ABOUT THIS TASK:
Please retype every record exactly as it appears, omitting the pictures.
[Opening RECORD EXTRACTS section]
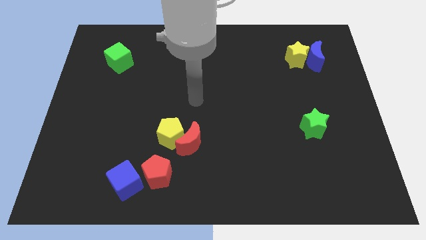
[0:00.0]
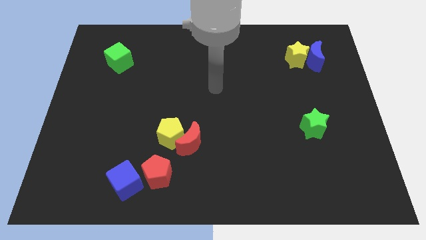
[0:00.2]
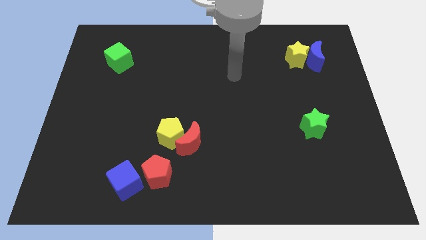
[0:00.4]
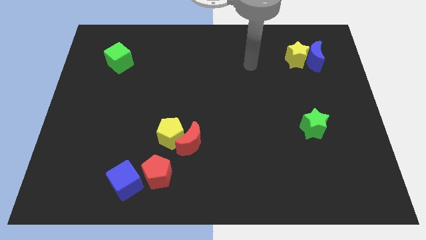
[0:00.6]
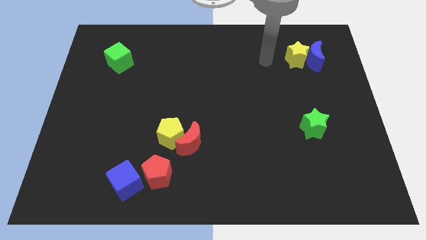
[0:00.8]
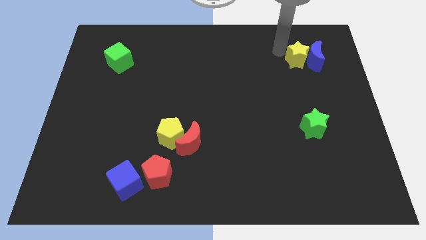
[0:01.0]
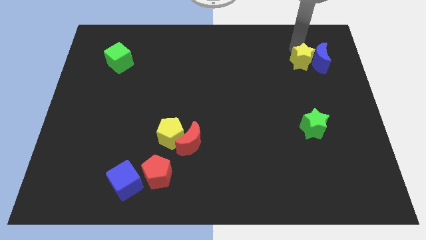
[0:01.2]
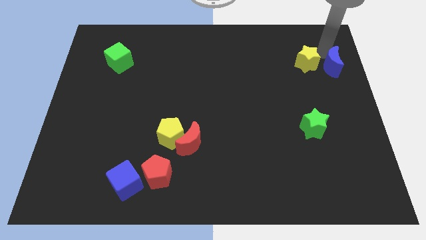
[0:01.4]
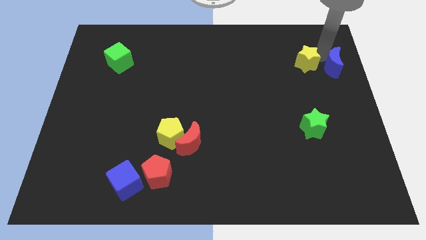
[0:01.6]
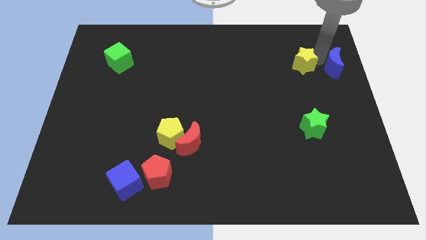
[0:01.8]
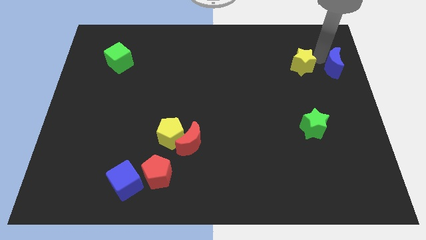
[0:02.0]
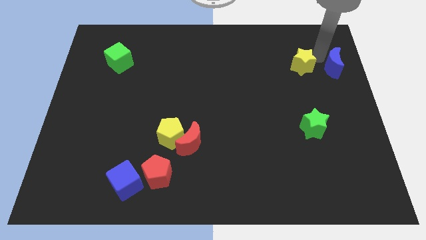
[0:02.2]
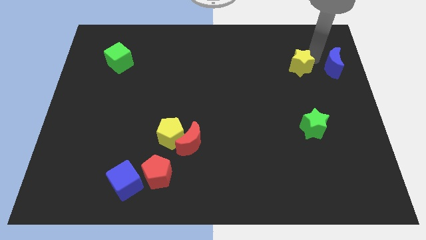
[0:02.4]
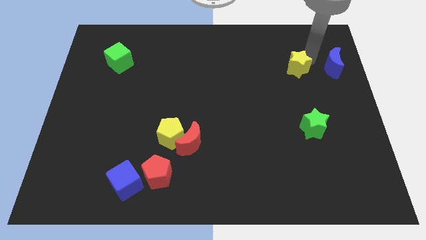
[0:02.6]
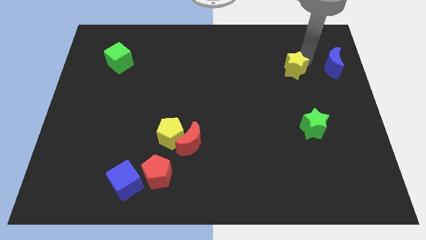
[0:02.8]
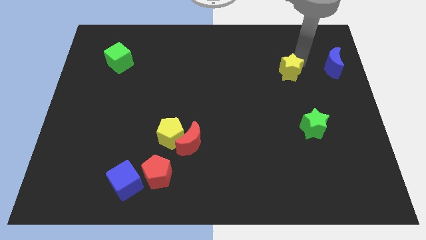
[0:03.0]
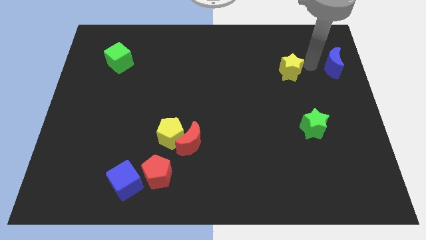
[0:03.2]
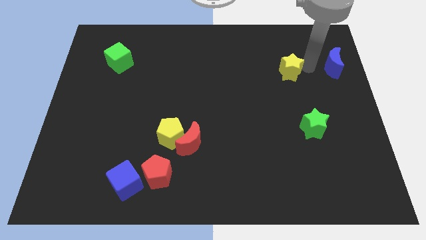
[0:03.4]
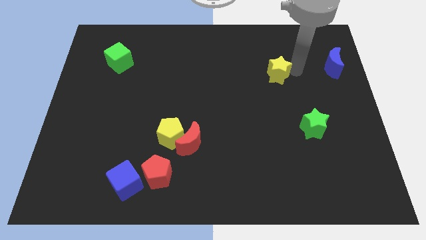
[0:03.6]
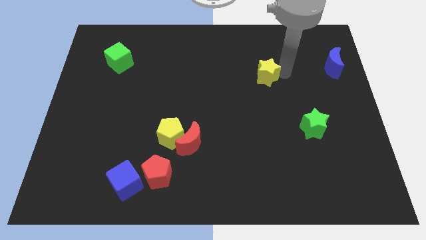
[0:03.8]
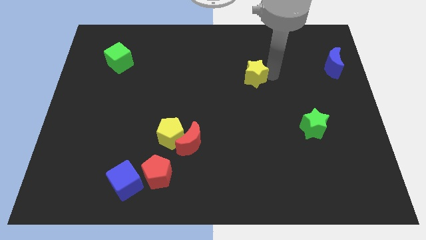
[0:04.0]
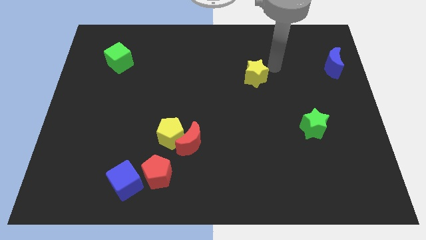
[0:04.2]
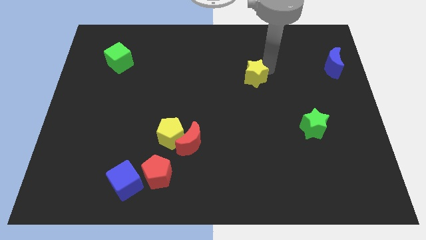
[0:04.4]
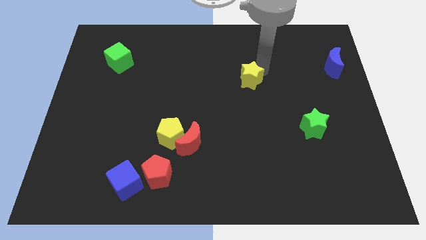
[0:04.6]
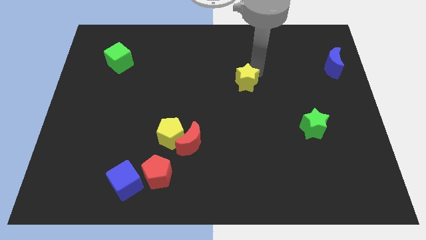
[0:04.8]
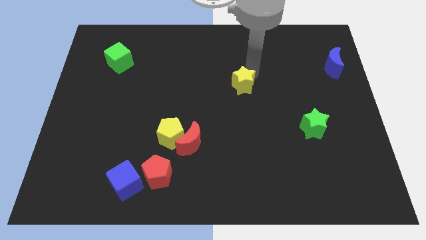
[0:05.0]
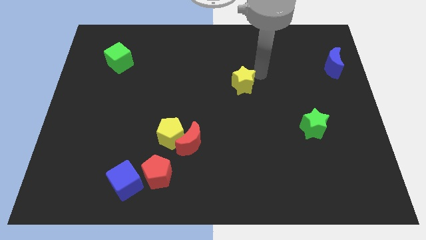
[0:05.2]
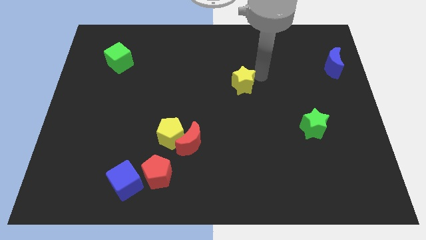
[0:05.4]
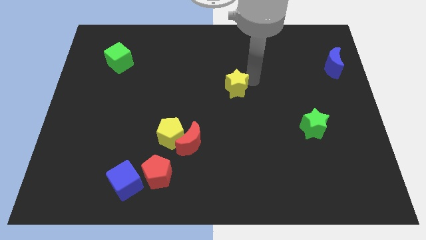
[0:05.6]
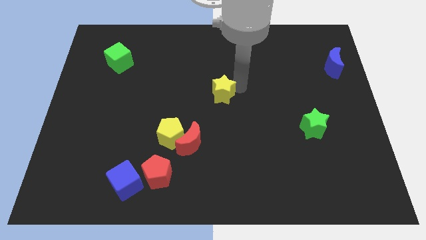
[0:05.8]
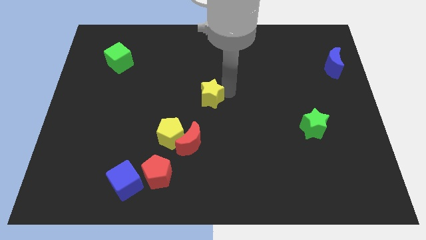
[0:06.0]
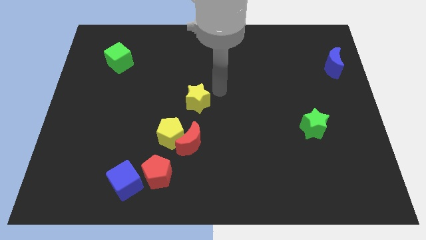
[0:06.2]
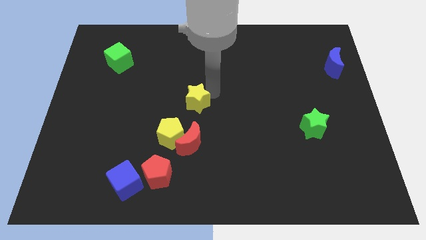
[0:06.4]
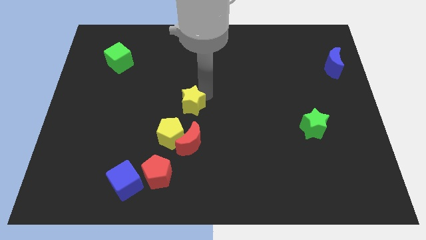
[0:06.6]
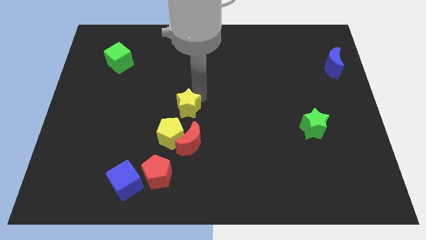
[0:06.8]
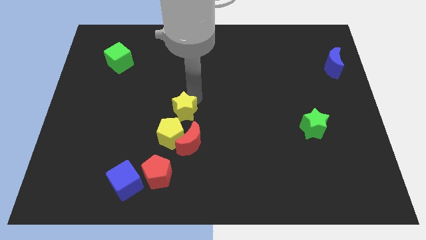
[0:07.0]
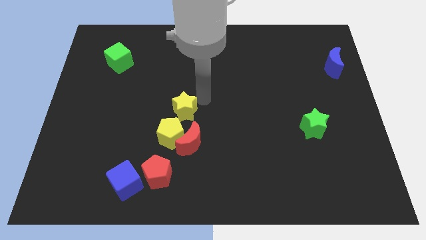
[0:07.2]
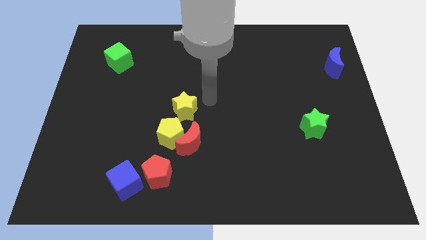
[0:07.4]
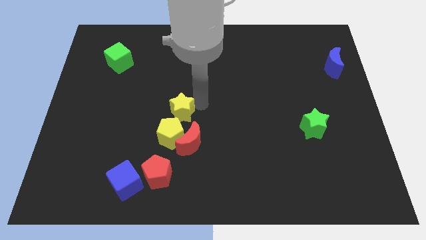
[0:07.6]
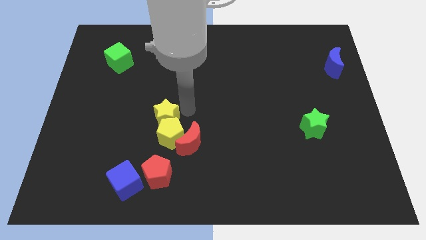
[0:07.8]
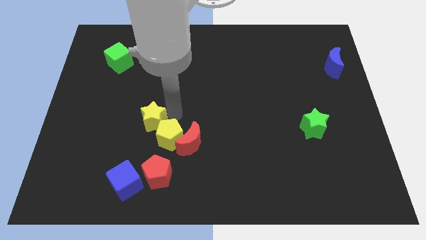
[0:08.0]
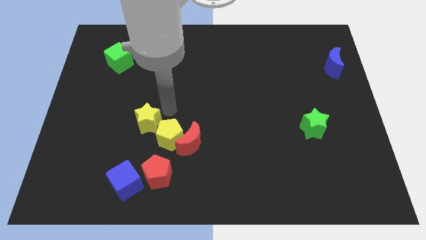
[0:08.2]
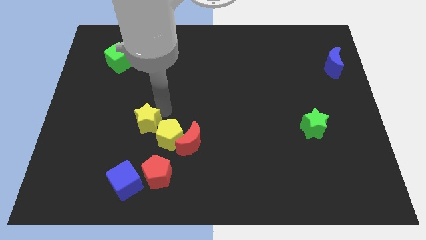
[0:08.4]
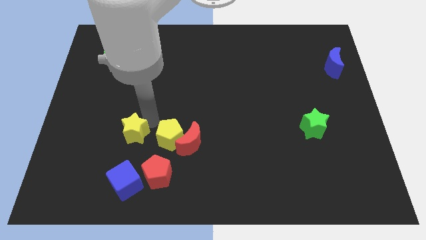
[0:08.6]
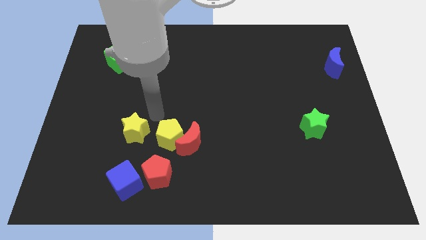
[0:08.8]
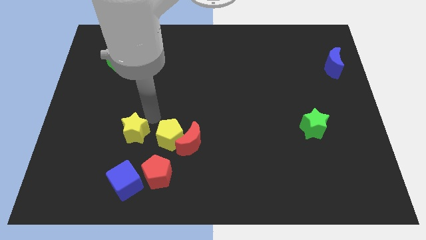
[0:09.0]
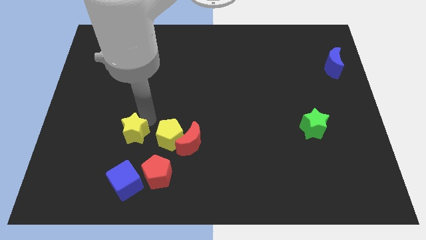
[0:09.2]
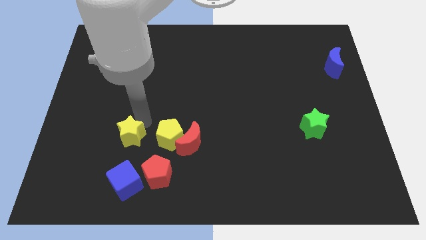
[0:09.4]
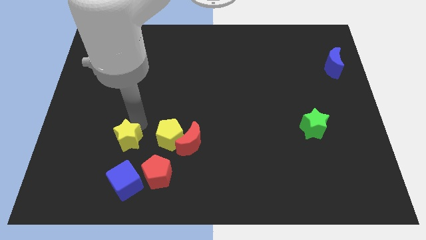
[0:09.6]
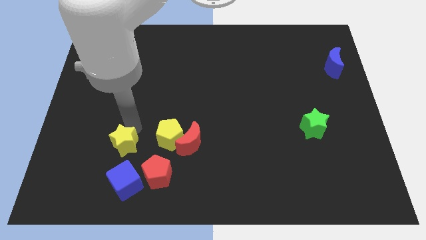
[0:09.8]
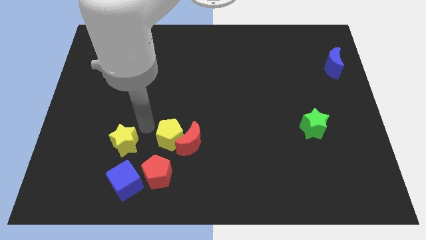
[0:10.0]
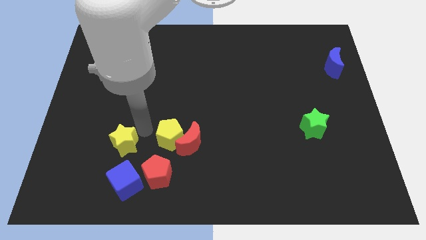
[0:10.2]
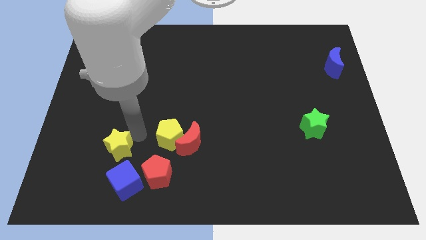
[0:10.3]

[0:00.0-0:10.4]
slide the yellow star to the top left side of the blue cube
[Closing RECORD EXTRACTS section]
ANSWER FOR THE TASK:
[0:00.0]
[0:00.2]
[0:00.4]
[0:00.6]
[0:00.8]
[0:01.0]
[0:01.2]
[0:01.4]
[0:01.6]
[0:01.8]
[0:02.0]
[0:02.2]
[0:02.4]
[0:02.6]
[0:02.8]
[0:03.0]
[0:03.2]
[0:03.4]
[0:03.6]
[0:03.8]
[0:04.0]
[0:04.2]
[0:04.4]
[0:04.6]
[0:04.8]
[0:05.0]
[0:05.2]
[0:05.4]
[0:05.6]
[0:05.8]
[0:06.0]
[0:06.2]
[0:06.4]
[0:06.6]
[0:06.8]
[0:07.0]
[0:07.2]
[0:07.4]
[0:07.6]
[0:07.8]
[0:08.0]
[0:08.2]
[0:08.4]
[0:08.6]
[0:08.8]
[0:09.0]
[0:09.2]
[0:09.4]
[0:09.6]
[0:09.8]
[0:10.0]
[0:10.2]
[0:10.3]

[0:00.0-0:10.4]
slide the yellow star to the top left side of the blue cube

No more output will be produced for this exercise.